Background information
- Born: February 5, 1975 (age 51)
- Origin: Ukiah, California, United States
- Genres: Alternative rock; punk rock; hardcore punk;
- Occupation: Musician
- Instrument: Drums
- Years active: 1991–present

= Adam Carson =

American musician (born 1975)

Adam Alexander Carson (born February 5, 1975) is an American musician who is the drummer of the alternative rock band AFI. He and Davey Havok are the two original members left in the lineup. Carson also filled in as drummer for the psychobilly band Tiger Army. His drumming can be found on Tiger Army's Early Years EP as well as their debut album Tiger Army. Carson was also a member of Influence 13 – a band formed by Nick 13, Jade Puget (who joined AFI in 1998), Geoff Kresge (who left AFI in 1996), and two other friends.

==Biography==
Adam Carson was raised in Ukiah, California, along with fellow AFI members Davey Havok and Jade Puget, and former members Geoff Kresge and Mark Stopholese. AFI has been described as a Bay Area band that is "one of the top hardcore/post-punk acts in the San Francisco Bay Area." Carson acquired an interest in music as early as age three, by which time he had amassed a small collection of 45-rpm records. As a toddler, Carson would also drag pots and pans out of his kitchen and assemble them into a drum set.

Carson's aspirations to be a drummer in a band were realized when he was eight or nine years old. He recalls, "I came home from the record store with Def Leppard's Pyromania, as well as a poster of them performing live. I remember listening to the record and looking at the poster on my wall and thinking that being in a rock band must be the best thing ever."
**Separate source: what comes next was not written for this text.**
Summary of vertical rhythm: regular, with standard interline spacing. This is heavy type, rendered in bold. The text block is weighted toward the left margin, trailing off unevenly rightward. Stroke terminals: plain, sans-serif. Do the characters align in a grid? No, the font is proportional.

Carson played in his school band when he was in the sixth and seventh grade. Regarding his experience, he said, "I played the drums (surprise, surprise) and had hot pink drumsticks and thought I was totally rad. I thought because I owned a drum set and could play a rock beat that I knew everything there was to know. I got sent to the office a lot for messing around with the trombone players, and when we had substitutes I organized mass switching of instruments by the class. I think I ended up with a tuba at one point." However, he also believes his time in the band was misused, stating "I kind of wish I had paid more attention because I can't read music and know very little about scales and that type of thing. I quit band when the teacher called me a flake. I think he was pissed because I didn't want to join marching band, and I was pissed because he turned me down for jazz band and they had a drum kit. Even though I was a screw-up, I think being in the school band was educational and affected me positively."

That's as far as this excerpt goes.